Contact line stability of ridges and drops

¹  Laboratoire de Physique Théorique de la Matière Condensée, Université Pierre et Marie Curie Tour 24, Boîte 121, 4 place Jussieu, F-75252 Paris 05, France
²  Laboratoire de Physique Statistique de l'Ecole Normale Supérieure - 24 rue Lhomond, F-75231 Paris 05, France
³  Max-Planck-Institut für Metallforschung - Heisenbergstr. 3, D-70569 Stuttgart, Germany
⁴  Institut für Theoretische und Angewandte Physik, Universität Stuttgart - Pfaffenwaldring 57, D-70569 Stuttgart, Germany
⁵  Max-Planck-Institut für Dynamik und Selbstorganisation - Bunsenstr. 10, D-37073 Göttingen, Germany

Corresponding author: rauscher@mf.mpg.de

Received: 24 July 2007
Accepted: 23 October 2007

Abstract

Within the framework of a semi-microscopic interface displacement model in the small slope approximation we analyze the linear stability of sessile ridges and drops of a non-volatile liquid on a homogeneous, partially wet substrate, for both signs and arbitrary amplitudes of the three-phase contact line tension.
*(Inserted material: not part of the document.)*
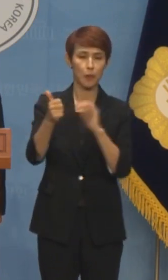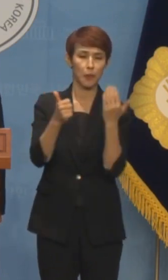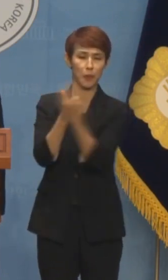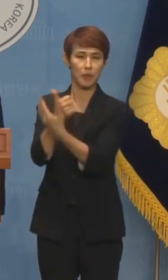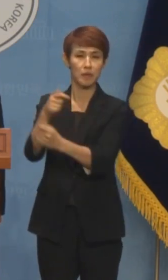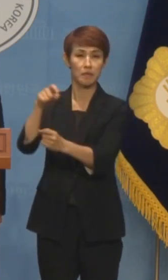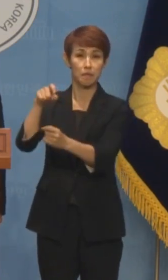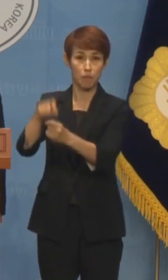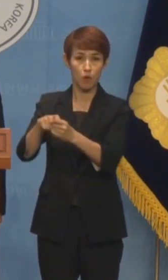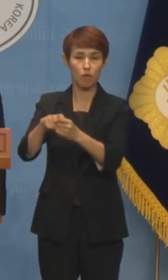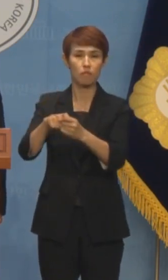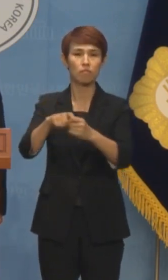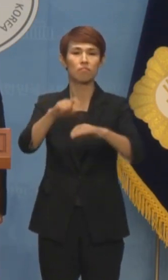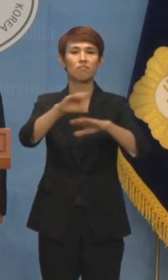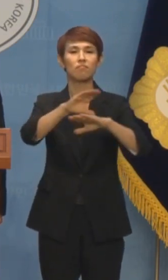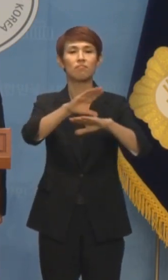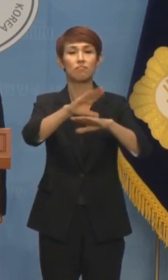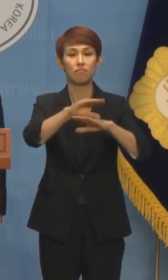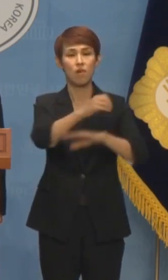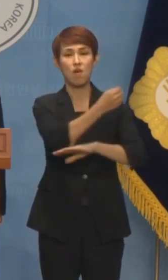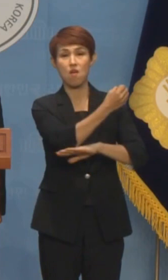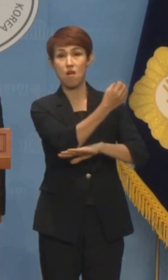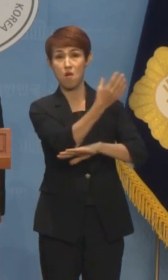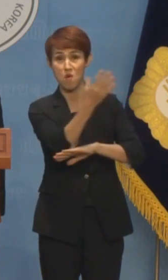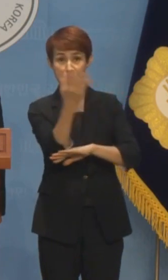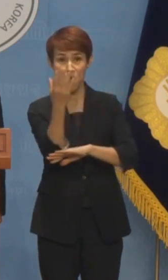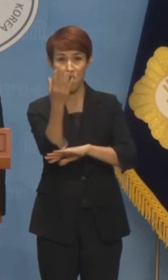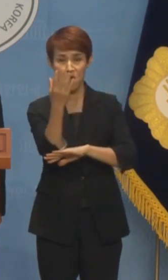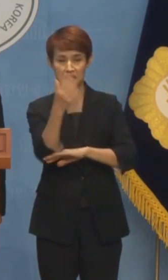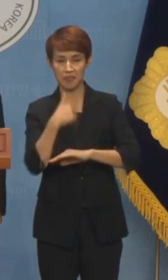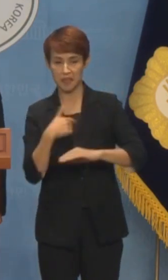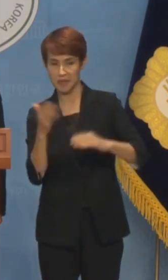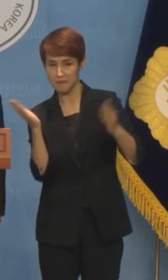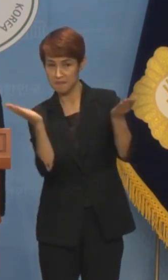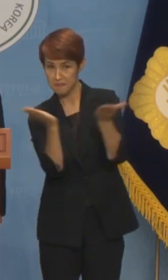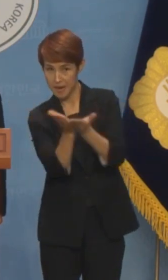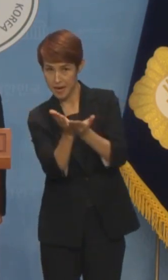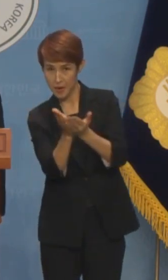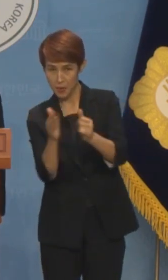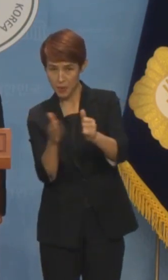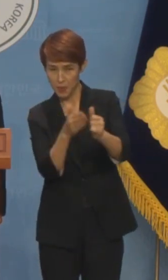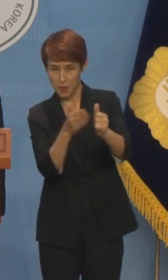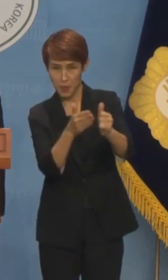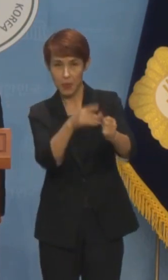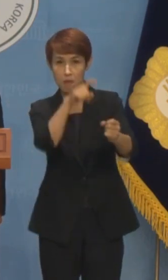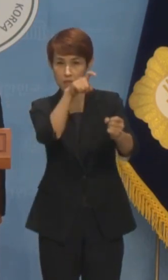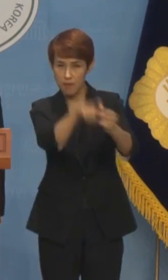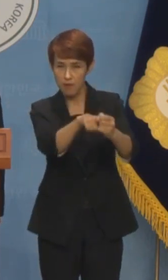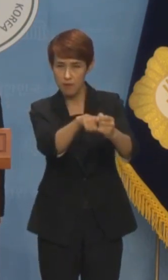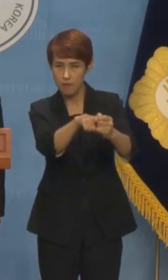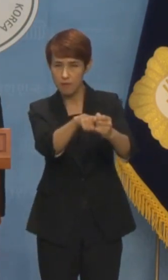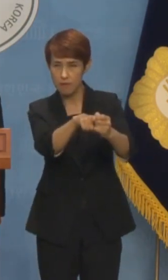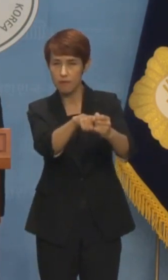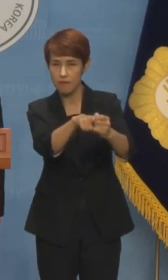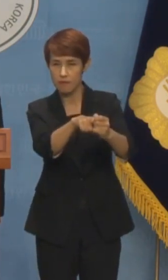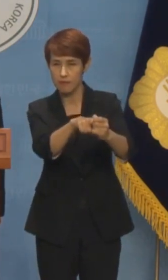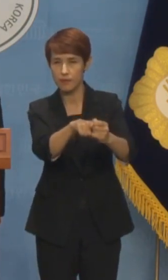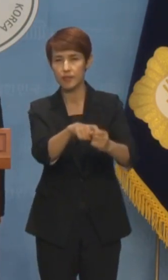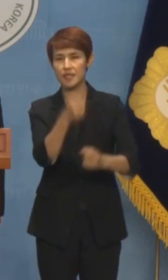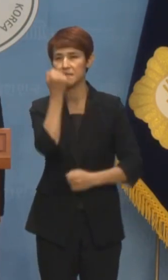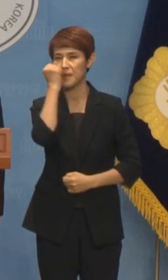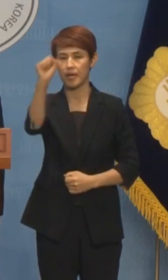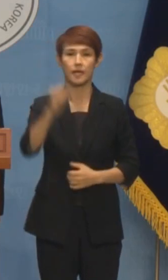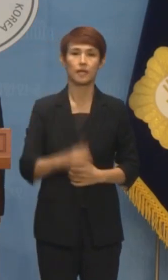언론을 자신들의 입맛에 맞게 길들이기 위한 목적 단 하나일 것입니다.
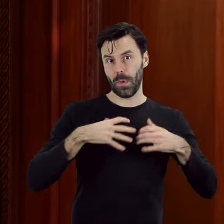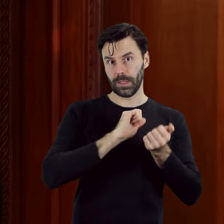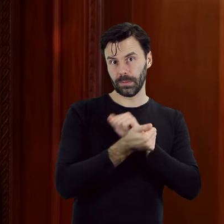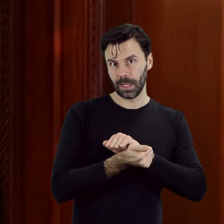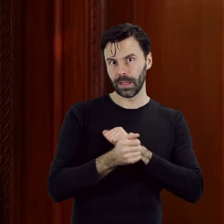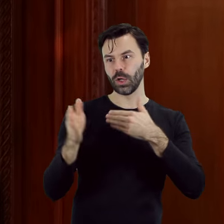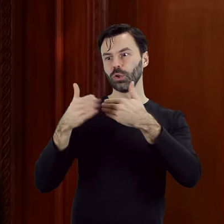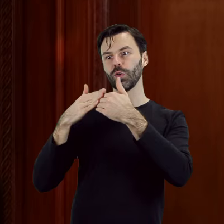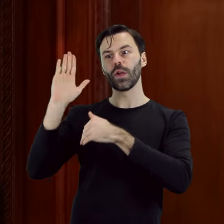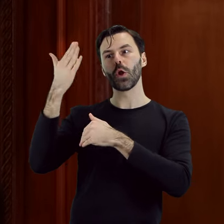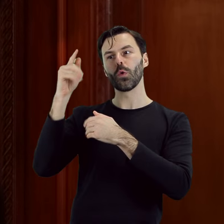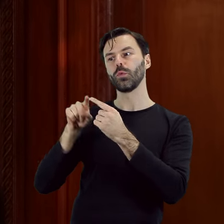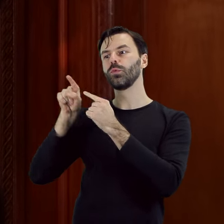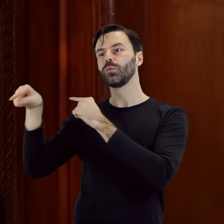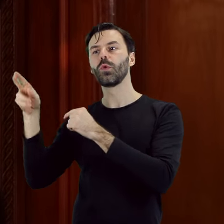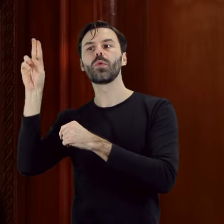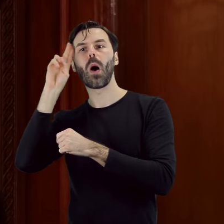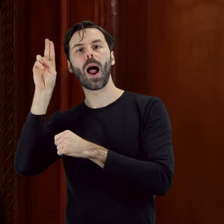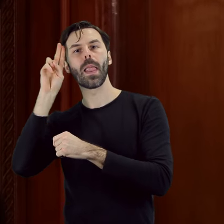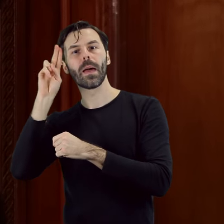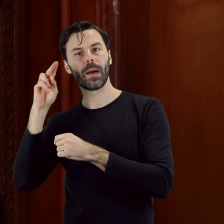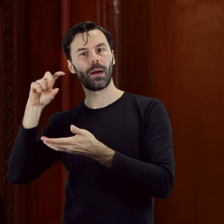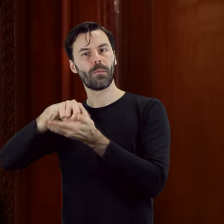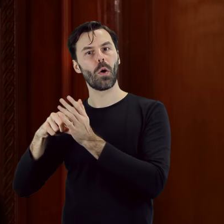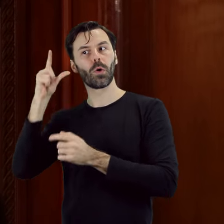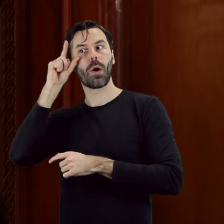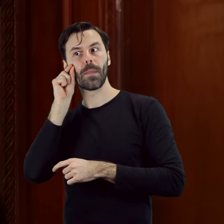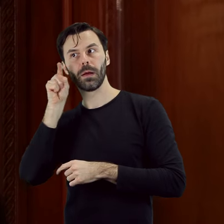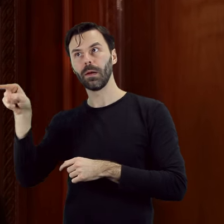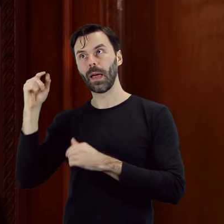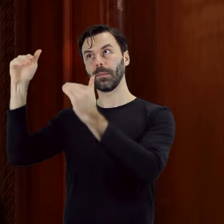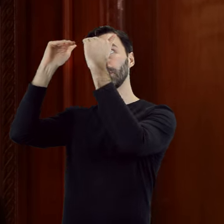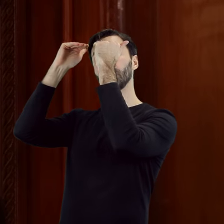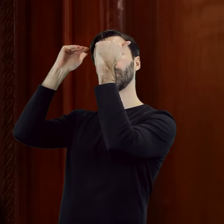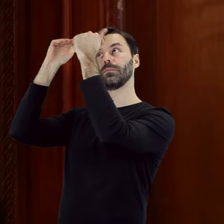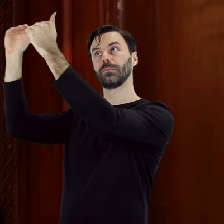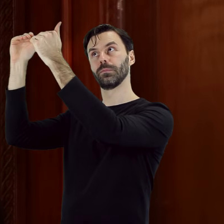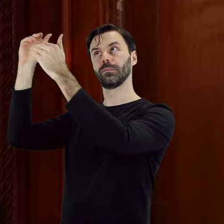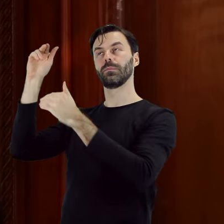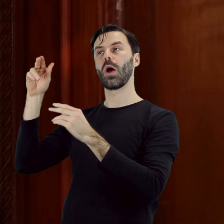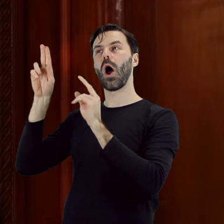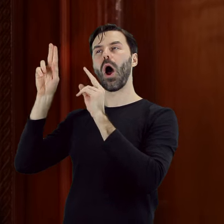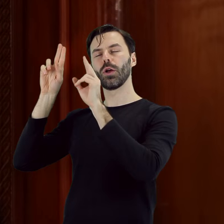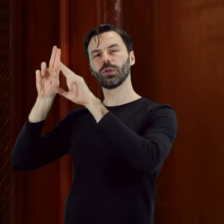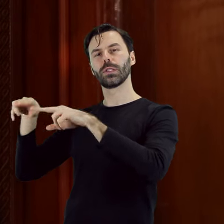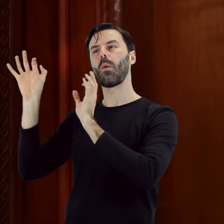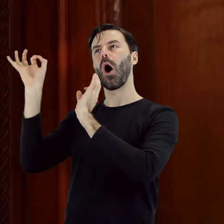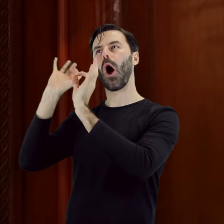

Focusing on perturbations which correspond to deformations of the three-phase contact line, we find that drops are generally stable while ridges are subject only to the long-wavelength Rayleigh-Plateau instability leading to a breakup into droplets, in contrast to the predictions of capillary models which take line tension into account. We argue that the short-wavelength instabilities predicted within the framework of the latter macroscopic capillary theory occur outside its range of validity and thus are spurious.